Je peux presque goûter notre défaite dans l’air, et il ne fait aucun doute que les joueurs la sentent aussi. Les Silvertails ont toujours été les pires ennemis d’Ironclaw—s’ils gagnent ce match de hockey sur notre glace, ce sera encore plus humiliant.

J’observe les corps des joueurs qui se percutent, la glace qui se fissure sous leurs patins. C’est violent, au point qu’il y a du sang éclaboussé partout.

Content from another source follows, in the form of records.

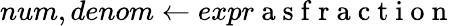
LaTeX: num,denom\gets expr\mathrm{~a~s~f~r~a~c~t~i~o~n~}
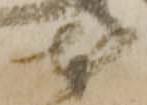
本
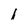
Character: 1
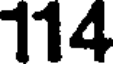
114
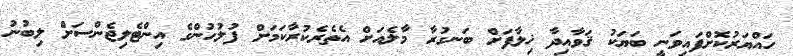
ހައްޔަރުކޮށްފައިވަނީ ބަޔަކު ޤަވާއިދާ ޚިލާފަށް ބަނގުރާ މާލެއަށް އެތެރެކުރާކަމަށް ފުލުހުންގެ އިންޓެލިޖެންސަށް ލިބުނު
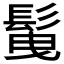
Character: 𩬲
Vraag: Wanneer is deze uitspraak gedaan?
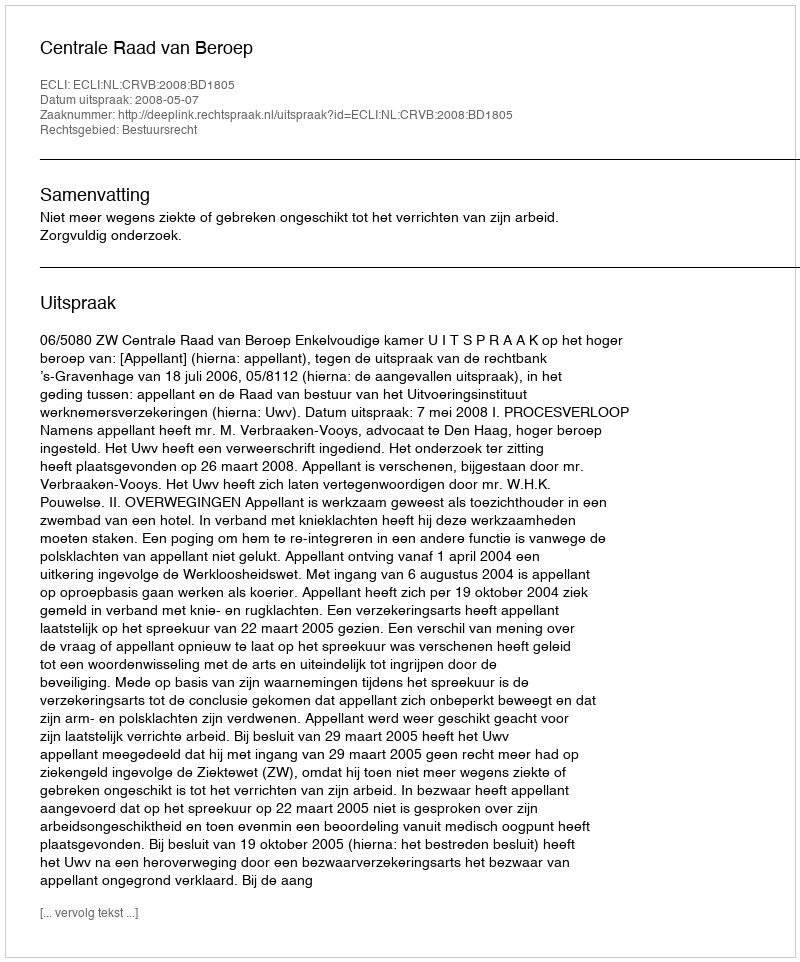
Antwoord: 2008-05-07
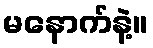
မနောက်နဲ့။
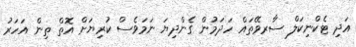
އަދި ޓެކްނިކަލް ސާރވޭތައް ހަދަމުން ގެންދިޔަ ނަމަވެސް ކުރިޔަށް އޮތް ތިން އަހަރު
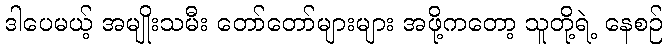
ဒါပေမယ့် အမျိုးသမီး တော်တော်များများ အဖို့ကတော့ သူတို့ရဲ့ နေစဉ်
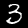
Label: 3
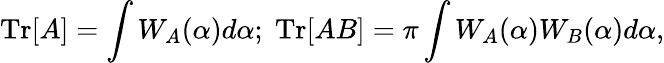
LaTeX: \mathrm{Tr}[A]=\int W_{A}(\alpha)d\alpha;\; \mathrm{Tr}[AB]=\pi\int W_{A}(\alpha)W_{B}(\alpha)d\alpha,
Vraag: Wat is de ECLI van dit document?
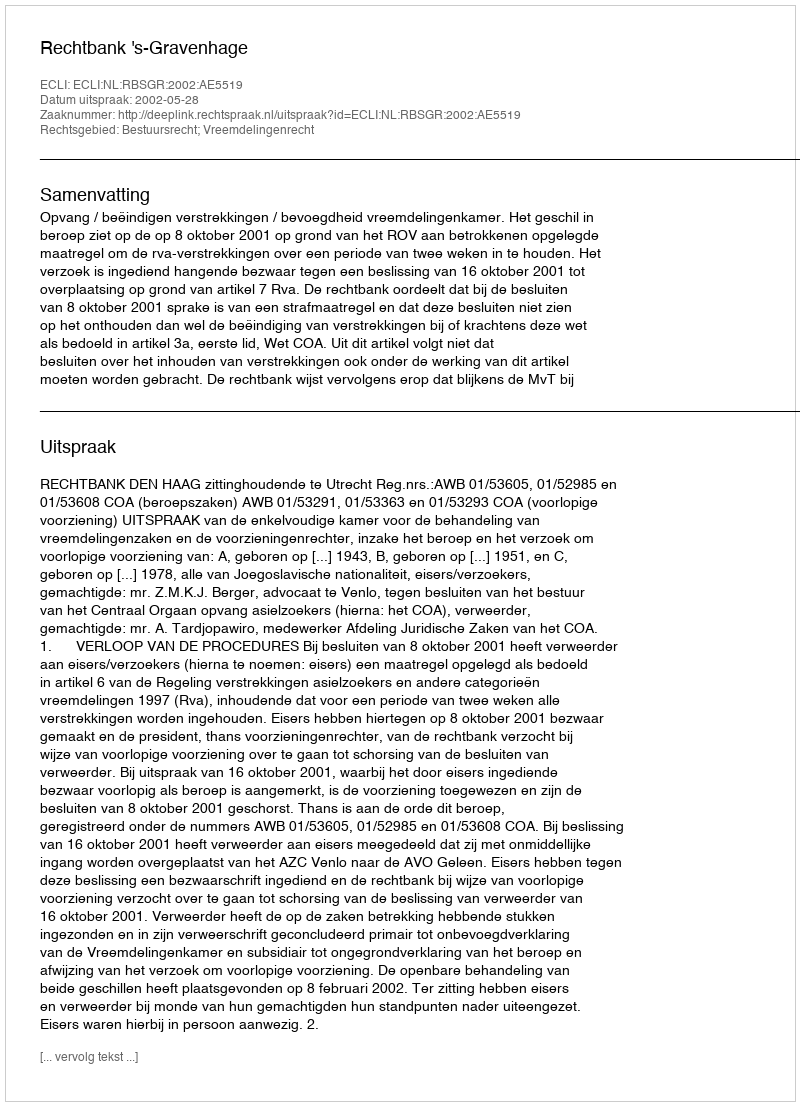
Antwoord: ECLI:NL:RBSGR:2002:AE5519
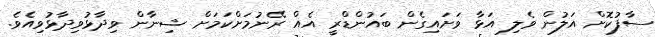
ސާފުކޮށް އަލުން ވެލި އަޅާ ވަށައިގެން ބައުންޑްރީ އެއް ރޭނުމަށްކަމަށް ޝިނާން ވިދާޅުވިދާޅުވިއެވެ.
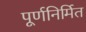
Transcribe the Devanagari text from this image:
पूर्णनिर्मित
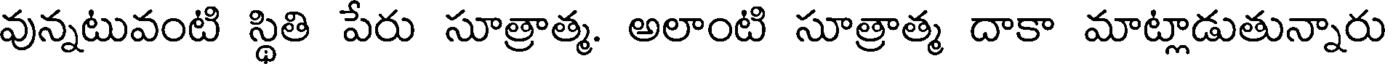
వున్నటువంటి స్థితి పేరు సూత్రాత్మ. అలాంటి సూత్రాత్మ దాకా మాట్లాడుతున్నారు
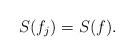
LaTeX: \begin{align*}S(f_j)=S(f).\end{align*}
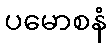
ပမောစနံ
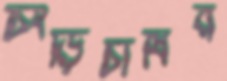
চিংড়িচাষির
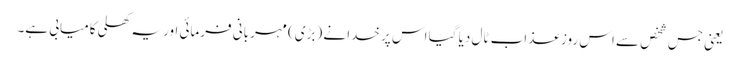
یعنی جس شخص سے اس روز عذاب ٹال دیا گیا اس پر خدا نے (بڑی) مہربانی فرمائی اور یہ کھلی کامیابی ہے۔
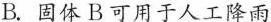
B.固体B可用于人工降雨
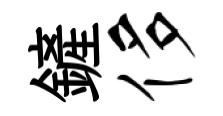
鏟侈
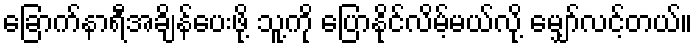
ခြောက်နာရီအချိန်ပေးဖို့ သူ့ကို ပြောနိုင်လိမ့်မယ်လို့ မျှော်လင့်တယ်။
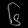
Digit: ၆
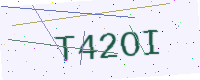
Text: T42OI

J’en ai vu, du sang, en deux mois de stage infirmier auprès de l’équipe, mais ce soir, c’est différent.

Ce n’est pas qu’un match—c’est une guerre.

« Par la déesse, qu’il aille au diable », grommelle l’entraîneur, mon oncle Barty Murdock, en se passant la main dans les cheveux. Son visage est cramoisi de stress, et il transpire alors qu’il fait plutôt froid autour de nous. « Il va se blesser. Il ne surveille pas son côté gauche ! »

Mon oncle parle du capitaine de l’équipe, le fils de l’Alpha. Son maillot est couvert de sang, son casque est fendu, mais il refuse de s’arrêter pour en changer. Toute l’équipe compte sur lui pour gagner—il est connu pour sortir des tours miraculeux qui font basculer le score. Ryder Drexel est le héros d’Ironclaw.

Je parierais que tous les regards du stade sont braqués sur lui.

« Tu as bien tout ton matos, hein ? » il me demande.

« Bien sûr. »

Soudain, il est plaqué contre la balustrade, et le choc est si violent que la foule pousse un cri de stupeur. Je regarde, sidérée, Ryder s’écraser sur le côté de la tête contre la glace, la peau qui s’ouvre, le sang qui se met à couler partout.

Avant même que j’aie le temps de réfléchir, je suis déjà debout, la main tendue vers ma trousse.

« Drexel, hors de la glace. Maintenant ! » hurle mon oncle à côté de moi. Il est juste derrière moi, et mes yeux restent fixés sur Ryder. Sa mâchoire est crispée, il a l’air furieux. D’habitude, il obtempère tout en assurant qu’il va bien et qu’il peut continuer—c’est ce qu’il fait depuis le début du match.

C’est comme ça que je comprends que cette blessure est grave.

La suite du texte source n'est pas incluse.